I wonder how to correctly setup a leave-one-subject-out cross validation (LOSO) for train() function in caret.

Here is my example code:

dat <- as.data.frame(cbind(rnorm(1:500,1),rnorm(1:500,10),rnorm(1:500,5),
          rnorm(1:500,100),c(rep('1',100),rep('2',100),rep('3',100),rep('4',100),
                                rep('5',100)),rep(c(rep('X0',50),rep('X1',50)),5)))

colnames(dat) <- c('var1', 'var2', 'var3', 'var4', 'subject','class')

What would you then specify in trainControl() instead of cv (LOGCV?)? How would you modify the following code?

svmFit <- train(dat,y,
                method = "svmRadial",
                preProc = c("center", "scale"),
                tuneGrid = MySVMTuneGrid,
                trControl = trainControl(method = "cv", number = 10, classProbs =  TRUE))
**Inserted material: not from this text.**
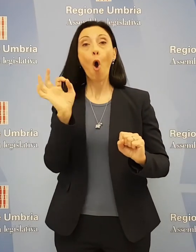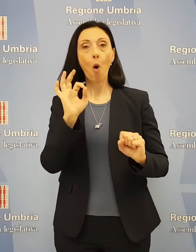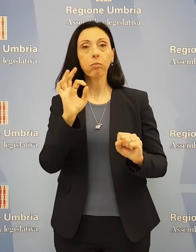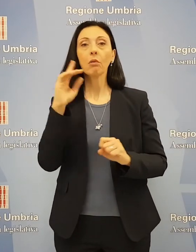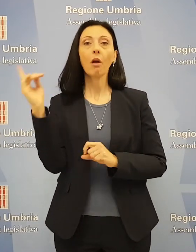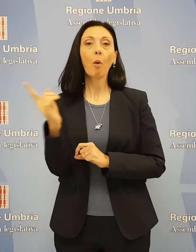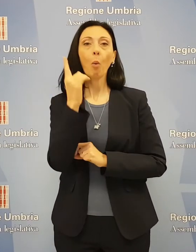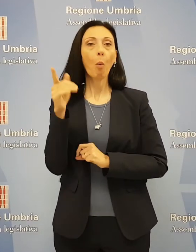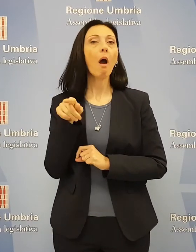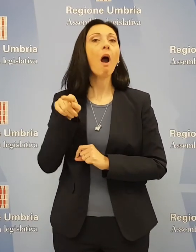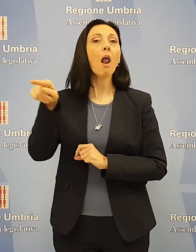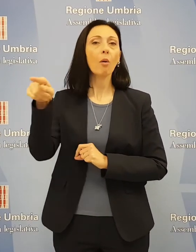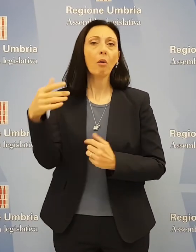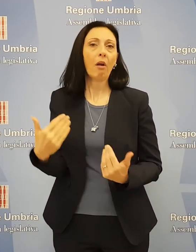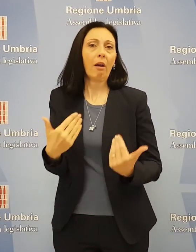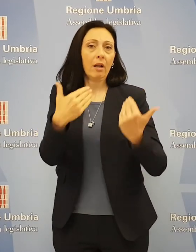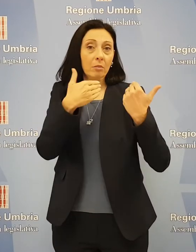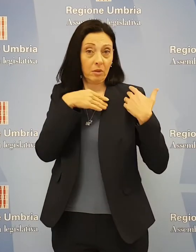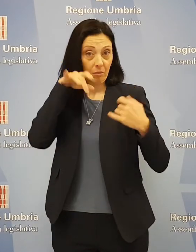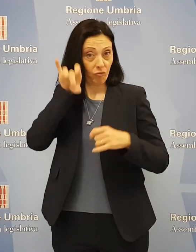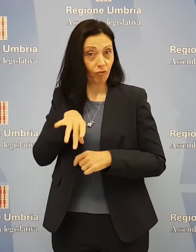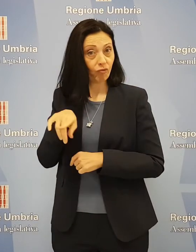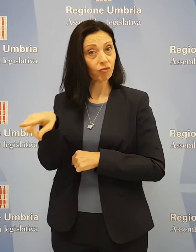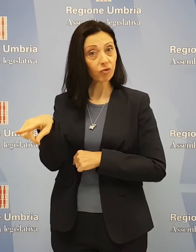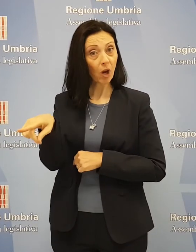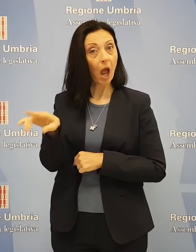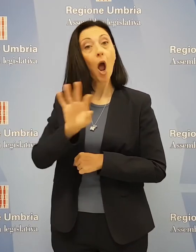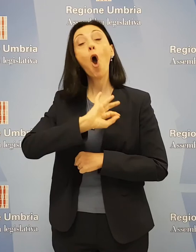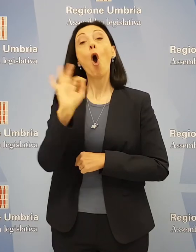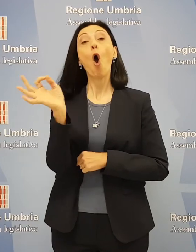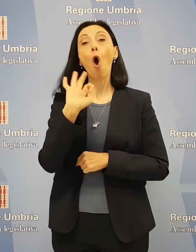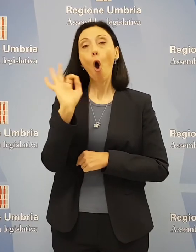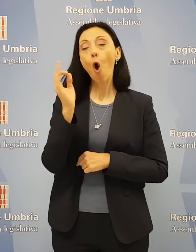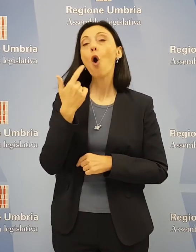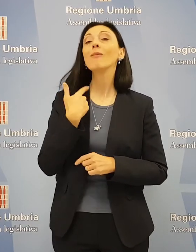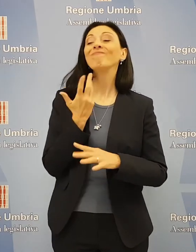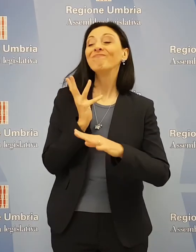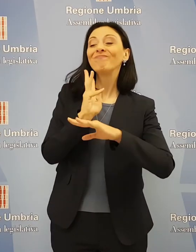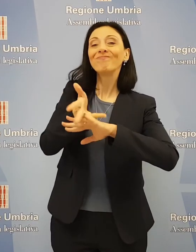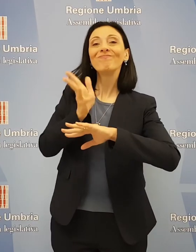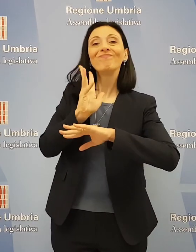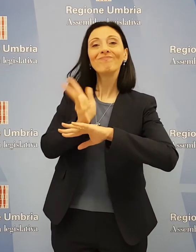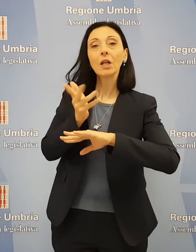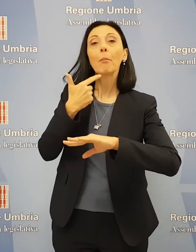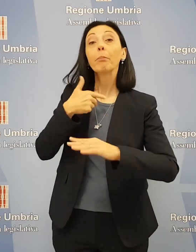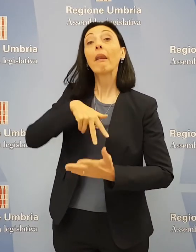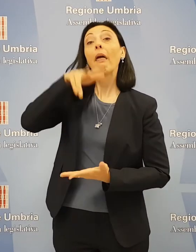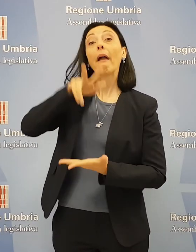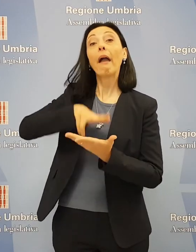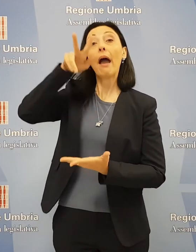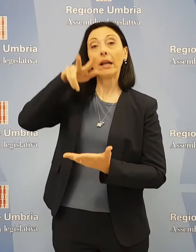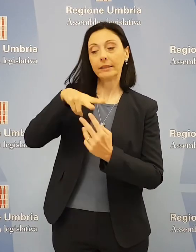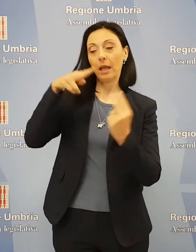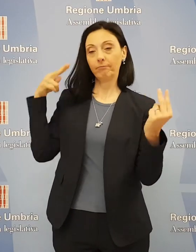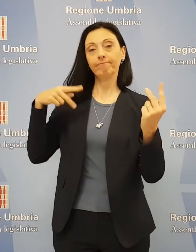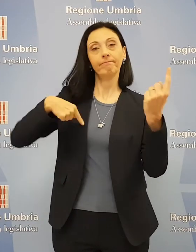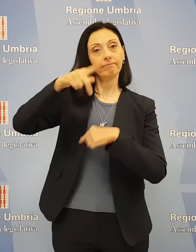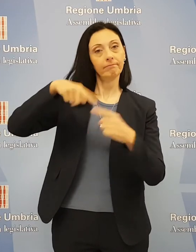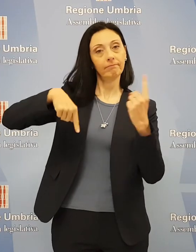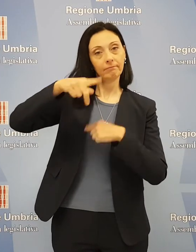specifici soggetti e quali iniziative si stanno intraprendendo per garantire il ripristino della viabilità. Dopo aver elencato

Thank you very much for your time!

Best Answer

If there is one subject per row, then method = LOOCV would do it. You will have to setup your own resampling indicators and supply them via index. At that point, the value of method does't matter.

You could do something like:

subs <- unique(dat$subject)
model_these <- vector(mode = "list", length = length(subs))
for(i in seq_along(subs)) 
   model_these[[i]] <- which(dat$subject != subs[i])
names(model_these) <- paste0("Subject", subs)
svmFit <- train(class ~ var1 + var2 + var3 + var4,
                data = dat,
                method = "svmRadial",
                preProc = c("center", "scale"),
                tuneGrid = MySVMTuneGrid,
                trControl = trainControl(method = "cv", 
                                         index = model_these, 
                                         classProbs =  TRUE))

(note that your test data set converts var-var4 to character, so I didn't test this.)

Max